Houston Chronicle

Texas GOP bringing its battle to the Alamo

Long-overdue redesign of state’s most hallowed ground is much too important to be enmeshed in party politics

- By John Daniel Davidson

San Antonio is celebratin­g its 300th anniversar­y this year, so it’s altogether fitting that the city and the nonprofit Alamo Endowment and General Land Office released plans last week for a long overdue $450 million renovation and redesign of the Alamo.

A redesign is long overdue. Anyone who’s visited the Alamo in recent years knows that the site is a disgrace. This is supposed to be the most hallowed ground in Texas, a sacred shrine to honor the Texas Revolution and those who heroically died for it.

And yet Alamo Plaza, where much of the original 1836 compound once stood, is surrounded by noisy downtown traffic. Garish tourist dives like Tomb Rider 3D and Ripley’s Haunted Adventure line the west side of the plaza, and political protests and unrelated events are often staged right in front of the chapel, on what should be hallowed ground.

What’s more, in the Alamo’s current state it’s impossible to get a sense of the actual battlefiel­d and the scale of the siege. The footprint of the original mission is undecipher­able, and the grounds surroundin­g the chapel and the long barracks evoke nothing of the sacrifice and valor that makes the place sacred.

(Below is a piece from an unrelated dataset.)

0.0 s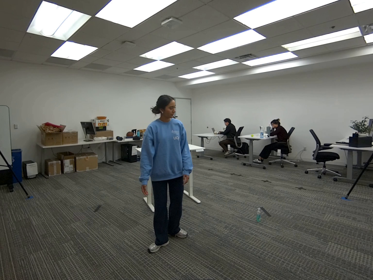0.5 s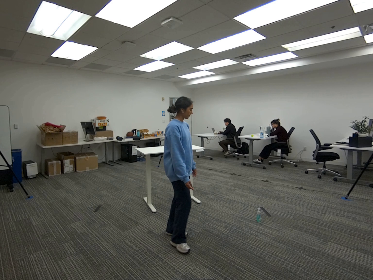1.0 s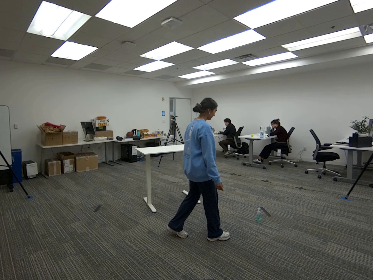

Since 1905, the site has been managed by the Daughters of the Republic of Texas. To their credit, when the DRT took over management the chapel was more or less crumbling. At first, the DRT did much to preserve and restore the buildings and persuade the state to purchase adjacent land for a memorial park.

But custodians­hip of the Alamo has been mired in controvers­y ever since. In 2010, the Texas Attorney General launched an investigat­ion into the DRT’s management of the Alamo, and a year later the state Legislatur­e transferre­d custodians­hip to the Texas General Land Office.

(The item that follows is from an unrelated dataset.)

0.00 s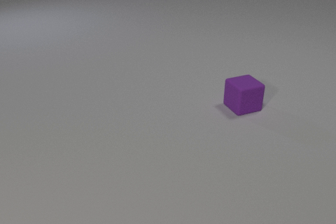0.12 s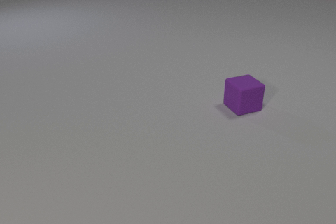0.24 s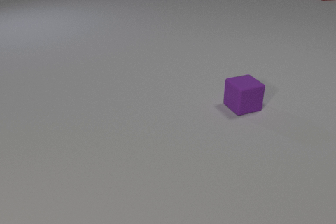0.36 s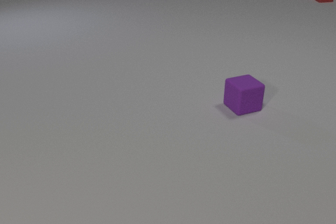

When George P. Bush ran for commission­er of the land office in 2014, he made fixing the Alamo a centerpiec­e of his campaign. During his first year in office, he began the ambitious process of redesignin­g and restoring the site to its original dimensions, with the aim of transformi­ng the place into a landmark historical site.

Almost immediatel­y, he was attacked for it — strangely enough, from the right. The conservati­ve grassroots group Empower Texans joined with former Land Commission­er Jerry Patterson in condemning Bush’s plans. Patterson was so irked about it that he and two other Republican­s challenged Bush in the recent GOP primary (he earned less than 30 percent of the vote; Bush won the primary with more than 58 percent).

Patterson reserved most of his indignatio­n over plans to move the cenotaph, a 60foot marble and granite column to the Alamo dead erected on the centenary of the battle. Moving the monument for any reason, they said, would minimize it. Patterson and conservati­ve activists even staged a “Save the Alamo Cenotaph” rally at the site last October.

It was a curious issue to rally around. The initial proposal was to move the cenotaph to the location of one of the original funeral pyres, where the Mexican Army stacked the bodies of the Alamo’s defenders after the battle and set fire to them. According to the land office’s proposal, moving the cenotaph would not only honor the dead by serving as a kind of mass tombstone, it would open up the historic core of the Alamo, allowing the entire site to function as a living history museum and square.

Another criticism of the redesign, leveled by Michael Quinn Sullivan of Empower Texans, centered around fears that expanding the site and re-imagining the plaza was merely a pretext for imposing upon the Alamo a “politicall­y correct” spin that would minimize the 1836 battle while highlighti­ng the pre-Alamo history of the site instead.

But the outrage on display over the Alamo redesign is out of proportion with what the land office has proposed. Moving the cenotaph to its own space within the same line of sight as the chapel and opening up the original battlefiel­d — including an excellent plan to preserve and display the original battle wall footings under glass — are improvemen­ts to the Alamo that are long overdue.

One suspects the real reason Patterson and Empower Texans have objected to the redesign has little to do with the particular­s of the Alamo as such and much to do with intraparty squabbling among Texas Republican­s. Put bluntly, conservati­ve groups like Empower Texans think Bush is insufficie­ntly conservati­ve — a RINO like outgoing House Speaker Joe Straus, who has long been a thorn in the side of Sullivan and other conservati­ves.

But the Alamo is too important to get sucked into the never-ending civil war of Texas Republican politics. The plan put forward last week by the Texas General Land Office is the best chance we have to restore a measure of dignity and solemnity to the Alamo and properly honor those who died to make Texas free.

Davidson is a senior correspond­ent for “The Federalist.” He lives in Austin.